By Jaynene Moreno |Staff Writer|
The 1975 released their second LP “I Like It When You Sleep, For You Are So Beautiful Yet So Unaware Of It” on Feb. 26.
Bold, audacious, and fearless are all words to describe what the band created with this masterpiece.
The band made a daring move with the lengthy title choice itself.
“Although I don’t like the title, I do think that it’s something unique to do. Albums are usually single worded, not a whole sentence long,” said student Manuel Macias.
The album includes 17 creative songs—each of them have their own unique twist, different from what is typically heard in today’s pop culture.
A mixture of genres are heard throughout the album. Some of those genres include ’80s, chillwave, pop, electropop and indie rock. Usually artists stick to one specific genre in their albums but these guys did it all.
According to the Guardian, lead singer Matthew Healy said that people listen to various genres, and so he felt it was important for his band to deliver just that.
“They made a great move in combining all those different genres, because someone is bound to like at least one of those songs, but I personally have enjoyed listening to the entire album as a whole,” said student Theresa Ramirez.
The song, “I Like It When You Sleep, For You Are So Beautiful Yet So Unaware Of It” can be compared to songs by the indie rock band The Postal Service from in their 2003 album “Give Up.“
The 1975’s song is definitely electropop—a mixture of both electronic and pop music.
It gives off a sense of quietness, but the electronic beats will keep you awake.

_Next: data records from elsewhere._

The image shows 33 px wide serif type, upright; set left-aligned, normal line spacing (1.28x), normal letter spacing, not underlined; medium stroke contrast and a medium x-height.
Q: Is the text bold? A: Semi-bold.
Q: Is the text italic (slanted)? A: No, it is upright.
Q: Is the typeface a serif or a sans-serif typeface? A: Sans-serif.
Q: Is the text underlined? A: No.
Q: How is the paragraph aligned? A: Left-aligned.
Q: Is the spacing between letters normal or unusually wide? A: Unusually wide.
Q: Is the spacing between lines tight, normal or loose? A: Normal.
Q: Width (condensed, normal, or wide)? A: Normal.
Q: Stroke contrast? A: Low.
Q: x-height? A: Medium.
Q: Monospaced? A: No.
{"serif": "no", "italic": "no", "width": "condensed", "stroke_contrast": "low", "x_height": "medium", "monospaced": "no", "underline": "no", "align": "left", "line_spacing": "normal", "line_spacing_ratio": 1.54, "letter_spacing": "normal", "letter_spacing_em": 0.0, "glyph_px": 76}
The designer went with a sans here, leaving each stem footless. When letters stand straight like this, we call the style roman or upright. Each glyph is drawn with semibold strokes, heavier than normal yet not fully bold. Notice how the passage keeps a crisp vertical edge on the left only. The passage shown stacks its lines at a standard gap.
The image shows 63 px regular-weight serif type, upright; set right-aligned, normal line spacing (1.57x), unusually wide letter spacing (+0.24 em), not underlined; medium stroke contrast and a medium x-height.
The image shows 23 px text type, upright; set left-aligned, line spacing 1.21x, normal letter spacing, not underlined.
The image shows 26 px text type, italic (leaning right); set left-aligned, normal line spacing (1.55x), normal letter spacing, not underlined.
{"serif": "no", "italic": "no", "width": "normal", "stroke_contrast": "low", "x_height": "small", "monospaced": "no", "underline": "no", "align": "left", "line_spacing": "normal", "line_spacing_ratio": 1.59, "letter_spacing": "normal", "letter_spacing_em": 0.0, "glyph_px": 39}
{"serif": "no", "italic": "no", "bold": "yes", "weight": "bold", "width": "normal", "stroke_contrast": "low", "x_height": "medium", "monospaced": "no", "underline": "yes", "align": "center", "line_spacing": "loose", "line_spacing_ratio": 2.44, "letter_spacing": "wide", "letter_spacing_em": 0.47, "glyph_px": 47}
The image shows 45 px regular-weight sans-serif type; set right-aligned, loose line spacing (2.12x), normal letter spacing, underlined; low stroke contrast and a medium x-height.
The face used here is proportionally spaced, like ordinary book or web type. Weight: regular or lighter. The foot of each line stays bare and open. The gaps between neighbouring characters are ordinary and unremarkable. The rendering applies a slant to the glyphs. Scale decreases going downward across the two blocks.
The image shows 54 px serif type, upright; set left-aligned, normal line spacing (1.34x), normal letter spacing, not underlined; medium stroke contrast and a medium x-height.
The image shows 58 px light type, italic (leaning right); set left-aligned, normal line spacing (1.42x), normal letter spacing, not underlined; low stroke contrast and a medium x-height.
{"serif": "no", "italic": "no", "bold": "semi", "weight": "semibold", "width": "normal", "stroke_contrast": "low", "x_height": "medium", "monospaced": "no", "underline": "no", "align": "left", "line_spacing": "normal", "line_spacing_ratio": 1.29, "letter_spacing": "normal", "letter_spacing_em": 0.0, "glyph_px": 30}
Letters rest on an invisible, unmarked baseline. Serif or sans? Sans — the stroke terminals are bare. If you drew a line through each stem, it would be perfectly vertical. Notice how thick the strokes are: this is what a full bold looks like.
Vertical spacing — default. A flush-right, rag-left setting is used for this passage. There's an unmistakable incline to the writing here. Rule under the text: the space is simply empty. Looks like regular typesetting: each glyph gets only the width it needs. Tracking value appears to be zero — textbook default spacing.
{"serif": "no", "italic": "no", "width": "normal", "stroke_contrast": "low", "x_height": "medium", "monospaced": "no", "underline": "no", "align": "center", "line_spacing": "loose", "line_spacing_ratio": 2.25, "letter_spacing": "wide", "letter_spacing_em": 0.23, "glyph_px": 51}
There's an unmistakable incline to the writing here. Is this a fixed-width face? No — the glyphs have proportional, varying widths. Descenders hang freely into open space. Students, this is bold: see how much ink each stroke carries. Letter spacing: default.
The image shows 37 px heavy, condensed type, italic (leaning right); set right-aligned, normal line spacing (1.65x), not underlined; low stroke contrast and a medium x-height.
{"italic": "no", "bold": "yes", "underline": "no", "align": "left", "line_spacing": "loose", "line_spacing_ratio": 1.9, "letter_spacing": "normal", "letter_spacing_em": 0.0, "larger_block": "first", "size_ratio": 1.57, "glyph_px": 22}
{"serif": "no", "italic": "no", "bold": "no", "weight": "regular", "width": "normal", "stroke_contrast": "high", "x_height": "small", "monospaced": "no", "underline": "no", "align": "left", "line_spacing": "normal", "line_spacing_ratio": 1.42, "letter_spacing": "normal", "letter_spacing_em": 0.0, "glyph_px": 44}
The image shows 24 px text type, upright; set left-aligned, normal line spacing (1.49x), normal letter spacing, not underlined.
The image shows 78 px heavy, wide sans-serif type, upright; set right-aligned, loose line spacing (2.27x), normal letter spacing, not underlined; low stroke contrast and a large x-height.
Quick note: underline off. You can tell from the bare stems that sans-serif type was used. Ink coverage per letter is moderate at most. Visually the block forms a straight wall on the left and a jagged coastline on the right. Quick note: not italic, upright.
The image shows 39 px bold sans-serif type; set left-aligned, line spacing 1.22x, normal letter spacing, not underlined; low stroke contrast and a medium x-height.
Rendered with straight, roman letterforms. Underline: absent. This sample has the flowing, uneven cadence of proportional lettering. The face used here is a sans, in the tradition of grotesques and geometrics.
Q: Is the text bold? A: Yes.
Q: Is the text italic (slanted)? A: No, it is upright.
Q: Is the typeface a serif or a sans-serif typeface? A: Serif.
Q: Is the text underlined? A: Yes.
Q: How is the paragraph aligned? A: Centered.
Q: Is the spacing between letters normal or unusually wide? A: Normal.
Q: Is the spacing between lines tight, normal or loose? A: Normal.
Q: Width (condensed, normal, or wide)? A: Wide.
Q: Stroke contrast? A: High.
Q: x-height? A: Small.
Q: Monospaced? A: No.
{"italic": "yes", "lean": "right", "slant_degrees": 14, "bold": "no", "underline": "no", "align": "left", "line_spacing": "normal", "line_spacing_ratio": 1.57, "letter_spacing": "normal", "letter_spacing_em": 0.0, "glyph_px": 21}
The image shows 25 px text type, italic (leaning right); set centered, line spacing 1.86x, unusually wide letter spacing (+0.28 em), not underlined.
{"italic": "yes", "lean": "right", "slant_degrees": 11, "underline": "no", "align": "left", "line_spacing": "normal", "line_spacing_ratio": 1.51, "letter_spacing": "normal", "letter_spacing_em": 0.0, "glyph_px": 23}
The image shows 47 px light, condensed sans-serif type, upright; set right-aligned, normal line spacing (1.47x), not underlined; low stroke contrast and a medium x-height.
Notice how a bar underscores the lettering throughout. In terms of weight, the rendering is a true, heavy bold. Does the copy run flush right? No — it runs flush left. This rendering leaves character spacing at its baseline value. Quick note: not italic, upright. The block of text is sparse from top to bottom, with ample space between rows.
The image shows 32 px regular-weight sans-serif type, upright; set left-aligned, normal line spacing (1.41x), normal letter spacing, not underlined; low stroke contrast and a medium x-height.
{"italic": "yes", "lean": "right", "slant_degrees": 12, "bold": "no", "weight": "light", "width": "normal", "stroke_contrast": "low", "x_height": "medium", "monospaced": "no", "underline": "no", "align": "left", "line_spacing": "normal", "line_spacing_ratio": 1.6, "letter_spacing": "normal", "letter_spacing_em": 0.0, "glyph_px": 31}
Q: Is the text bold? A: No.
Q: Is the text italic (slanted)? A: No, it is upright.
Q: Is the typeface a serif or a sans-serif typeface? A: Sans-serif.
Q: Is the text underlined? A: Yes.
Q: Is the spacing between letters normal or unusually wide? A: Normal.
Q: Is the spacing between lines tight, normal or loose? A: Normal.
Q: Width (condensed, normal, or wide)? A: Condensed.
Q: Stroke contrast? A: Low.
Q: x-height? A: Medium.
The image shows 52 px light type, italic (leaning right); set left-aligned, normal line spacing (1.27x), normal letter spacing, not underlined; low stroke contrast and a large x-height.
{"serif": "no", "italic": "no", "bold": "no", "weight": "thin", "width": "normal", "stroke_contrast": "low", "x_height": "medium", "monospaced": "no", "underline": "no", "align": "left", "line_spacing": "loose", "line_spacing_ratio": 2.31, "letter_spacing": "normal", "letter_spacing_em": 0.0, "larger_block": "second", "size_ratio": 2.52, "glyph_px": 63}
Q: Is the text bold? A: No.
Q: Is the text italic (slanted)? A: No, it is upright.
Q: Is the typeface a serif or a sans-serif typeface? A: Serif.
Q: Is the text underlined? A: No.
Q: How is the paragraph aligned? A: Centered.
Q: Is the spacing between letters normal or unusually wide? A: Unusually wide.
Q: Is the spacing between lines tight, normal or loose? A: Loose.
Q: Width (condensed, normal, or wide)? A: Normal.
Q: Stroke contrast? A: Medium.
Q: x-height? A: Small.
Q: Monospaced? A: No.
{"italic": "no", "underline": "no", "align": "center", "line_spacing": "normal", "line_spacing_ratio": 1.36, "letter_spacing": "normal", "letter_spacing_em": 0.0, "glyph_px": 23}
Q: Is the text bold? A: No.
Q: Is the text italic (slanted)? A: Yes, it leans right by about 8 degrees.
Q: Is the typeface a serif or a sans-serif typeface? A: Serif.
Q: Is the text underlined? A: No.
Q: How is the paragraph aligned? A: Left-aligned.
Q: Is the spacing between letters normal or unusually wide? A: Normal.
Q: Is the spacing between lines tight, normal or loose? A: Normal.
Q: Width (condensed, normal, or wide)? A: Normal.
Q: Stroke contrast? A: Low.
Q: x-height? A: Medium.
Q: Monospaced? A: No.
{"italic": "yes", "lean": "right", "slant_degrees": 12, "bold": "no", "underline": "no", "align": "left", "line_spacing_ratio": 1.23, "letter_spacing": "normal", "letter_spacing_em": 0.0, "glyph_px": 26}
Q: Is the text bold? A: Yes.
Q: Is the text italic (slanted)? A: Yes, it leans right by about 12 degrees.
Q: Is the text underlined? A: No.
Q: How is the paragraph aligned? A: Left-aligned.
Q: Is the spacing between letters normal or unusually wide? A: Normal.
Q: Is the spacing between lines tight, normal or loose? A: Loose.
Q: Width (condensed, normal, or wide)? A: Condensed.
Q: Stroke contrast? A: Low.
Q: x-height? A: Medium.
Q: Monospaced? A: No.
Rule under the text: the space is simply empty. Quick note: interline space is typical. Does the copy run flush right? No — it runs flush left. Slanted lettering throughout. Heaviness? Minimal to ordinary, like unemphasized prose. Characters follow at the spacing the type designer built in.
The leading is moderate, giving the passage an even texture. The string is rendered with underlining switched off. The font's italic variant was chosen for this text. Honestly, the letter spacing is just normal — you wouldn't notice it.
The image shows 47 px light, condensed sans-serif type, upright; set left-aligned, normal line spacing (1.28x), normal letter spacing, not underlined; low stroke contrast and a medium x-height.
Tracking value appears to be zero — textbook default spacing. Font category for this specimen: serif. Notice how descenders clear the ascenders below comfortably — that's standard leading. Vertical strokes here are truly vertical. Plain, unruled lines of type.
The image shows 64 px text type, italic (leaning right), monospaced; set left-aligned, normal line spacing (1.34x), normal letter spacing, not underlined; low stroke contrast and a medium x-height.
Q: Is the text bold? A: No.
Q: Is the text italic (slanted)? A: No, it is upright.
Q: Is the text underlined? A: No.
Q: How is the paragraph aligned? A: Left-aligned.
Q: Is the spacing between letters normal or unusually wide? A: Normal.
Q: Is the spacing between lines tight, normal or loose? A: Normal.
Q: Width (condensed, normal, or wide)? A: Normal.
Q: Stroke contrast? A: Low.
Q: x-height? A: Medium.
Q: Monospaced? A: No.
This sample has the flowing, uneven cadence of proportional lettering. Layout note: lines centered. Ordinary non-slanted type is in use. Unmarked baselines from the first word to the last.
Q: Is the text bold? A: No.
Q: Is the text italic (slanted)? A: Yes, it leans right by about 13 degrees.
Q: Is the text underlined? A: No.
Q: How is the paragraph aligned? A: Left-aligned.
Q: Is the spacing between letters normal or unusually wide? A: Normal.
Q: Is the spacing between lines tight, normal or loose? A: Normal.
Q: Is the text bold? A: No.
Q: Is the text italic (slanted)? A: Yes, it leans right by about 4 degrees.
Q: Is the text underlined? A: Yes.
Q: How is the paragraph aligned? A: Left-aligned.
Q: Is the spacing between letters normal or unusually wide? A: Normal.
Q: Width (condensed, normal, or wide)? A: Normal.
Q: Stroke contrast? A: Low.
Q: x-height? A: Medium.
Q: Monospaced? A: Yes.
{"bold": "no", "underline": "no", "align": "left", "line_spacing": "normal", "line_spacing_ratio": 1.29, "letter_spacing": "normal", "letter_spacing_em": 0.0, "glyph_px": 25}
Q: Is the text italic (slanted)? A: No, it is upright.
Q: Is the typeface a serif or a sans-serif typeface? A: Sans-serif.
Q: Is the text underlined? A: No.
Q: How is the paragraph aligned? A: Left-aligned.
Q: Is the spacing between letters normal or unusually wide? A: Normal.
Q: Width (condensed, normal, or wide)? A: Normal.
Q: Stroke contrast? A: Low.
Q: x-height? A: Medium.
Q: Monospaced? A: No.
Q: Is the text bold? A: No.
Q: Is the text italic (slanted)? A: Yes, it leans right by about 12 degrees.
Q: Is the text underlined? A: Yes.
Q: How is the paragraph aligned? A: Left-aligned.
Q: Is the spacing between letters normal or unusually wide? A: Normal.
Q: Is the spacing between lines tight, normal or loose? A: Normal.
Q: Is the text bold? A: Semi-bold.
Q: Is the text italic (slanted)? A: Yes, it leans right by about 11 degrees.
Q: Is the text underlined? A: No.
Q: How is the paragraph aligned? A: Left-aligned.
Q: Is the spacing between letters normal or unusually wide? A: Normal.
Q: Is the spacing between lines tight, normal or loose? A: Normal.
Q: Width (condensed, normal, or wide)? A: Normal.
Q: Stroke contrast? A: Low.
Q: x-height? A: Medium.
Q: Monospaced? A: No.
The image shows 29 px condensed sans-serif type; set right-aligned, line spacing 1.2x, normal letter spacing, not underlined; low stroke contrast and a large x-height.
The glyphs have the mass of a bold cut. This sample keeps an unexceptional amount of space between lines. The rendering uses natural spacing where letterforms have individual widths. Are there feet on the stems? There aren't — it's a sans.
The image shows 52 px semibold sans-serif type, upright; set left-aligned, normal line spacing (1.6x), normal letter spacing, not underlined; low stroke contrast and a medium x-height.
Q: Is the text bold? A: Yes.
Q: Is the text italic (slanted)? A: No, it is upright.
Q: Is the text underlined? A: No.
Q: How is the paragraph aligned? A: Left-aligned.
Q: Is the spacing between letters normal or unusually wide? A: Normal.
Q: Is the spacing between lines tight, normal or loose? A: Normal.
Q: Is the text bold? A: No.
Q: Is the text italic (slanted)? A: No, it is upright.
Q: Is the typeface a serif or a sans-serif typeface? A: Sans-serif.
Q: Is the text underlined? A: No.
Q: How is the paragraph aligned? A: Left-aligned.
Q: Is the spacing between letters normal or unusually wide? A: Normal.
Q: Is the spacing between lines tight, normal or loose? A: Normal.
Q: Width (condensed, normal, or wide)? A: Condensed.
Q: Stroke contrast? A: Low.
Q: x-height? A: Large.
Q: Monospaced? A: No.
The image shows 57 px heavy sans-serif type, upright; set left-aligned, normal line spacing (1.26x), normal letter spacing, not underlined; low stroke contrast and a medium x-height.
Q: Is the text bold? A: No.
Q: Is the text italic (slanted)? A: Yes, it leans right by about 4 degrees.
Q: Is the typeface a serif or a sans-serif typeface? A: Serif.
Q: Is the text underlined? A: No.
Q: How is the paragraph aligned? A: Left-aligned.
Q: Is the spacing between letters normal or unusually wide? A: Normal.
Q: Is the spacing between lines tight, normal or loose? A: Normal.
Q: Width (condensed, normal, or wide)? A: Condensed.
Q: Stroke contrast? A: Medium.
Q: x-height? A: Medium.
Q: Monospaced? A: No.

It is as if you are falling asleep in a quiet house but can still hear small noises, such as birds chirping or cars passing.
“Nana” is their more heartfelt song about Healy’s passed grandmother and his belief that God does not exist.
Along with the piano/guitar ballad, he uses lyrics such as “I wish you’d walk in again/ Imagine if you just did/ I’d fill you in on the things you missed,” making sure that the listener knows that he strongly misses his “Nana.”
The tone of his voice is softly spoken, adding a state of seriousness to the album, because the pain he feels is truly evident, not only in his lyrics but in his voice.
He then continues with “And I know that God doesn’t exist/ And all of that palaver surrounding it/ But I like to think you hear me sometimes,” expressing his religious views on God.
By adding his atheist beliefs, Healy is giving his fans a more inside look into who he is personally.
Another song where he lets the listener into his personal life is “A Change Of Heart.”
He speaks of a fling where he thought he was in love but later finds himself to have a change of heart, leading to his decision to depart from the relationship.
Just the idea of having to break someone’s heart makes you feel sorry for the girl that he is breaking up with.
As you keep listening, you find that she was actually the one that deceived him; he’s leaving her because she’s not the sweet person he thought she was.
You then start to have your own change of heart and feel sorry for him.
The versatility of the album is not just seen in their genre choices but also in the mood of each of the songs.
Moving away from the seriousness and heartbreaking tones of “Nana” and “A Change Of Heart,” the songs “UGH!” and “The Sound” are both upbeat, feel good jams, something you can bop your head to while shopping at a store such as Forever 21.
Their danceable hit single “Love Me” is also included on the album.
It kicks off with a sound like that of Tiny Tim’s “Tiptoe Through The Tulips,” a song that was featured in the film “Insidious,” but definitely not as creepy.
It is really important to keep your mind open when listening to this song.
Someone who appreciates old pop songs will surely find this entire album to be a staple in their iPhone playlist, others will only find a couple of the songs to be of their liking.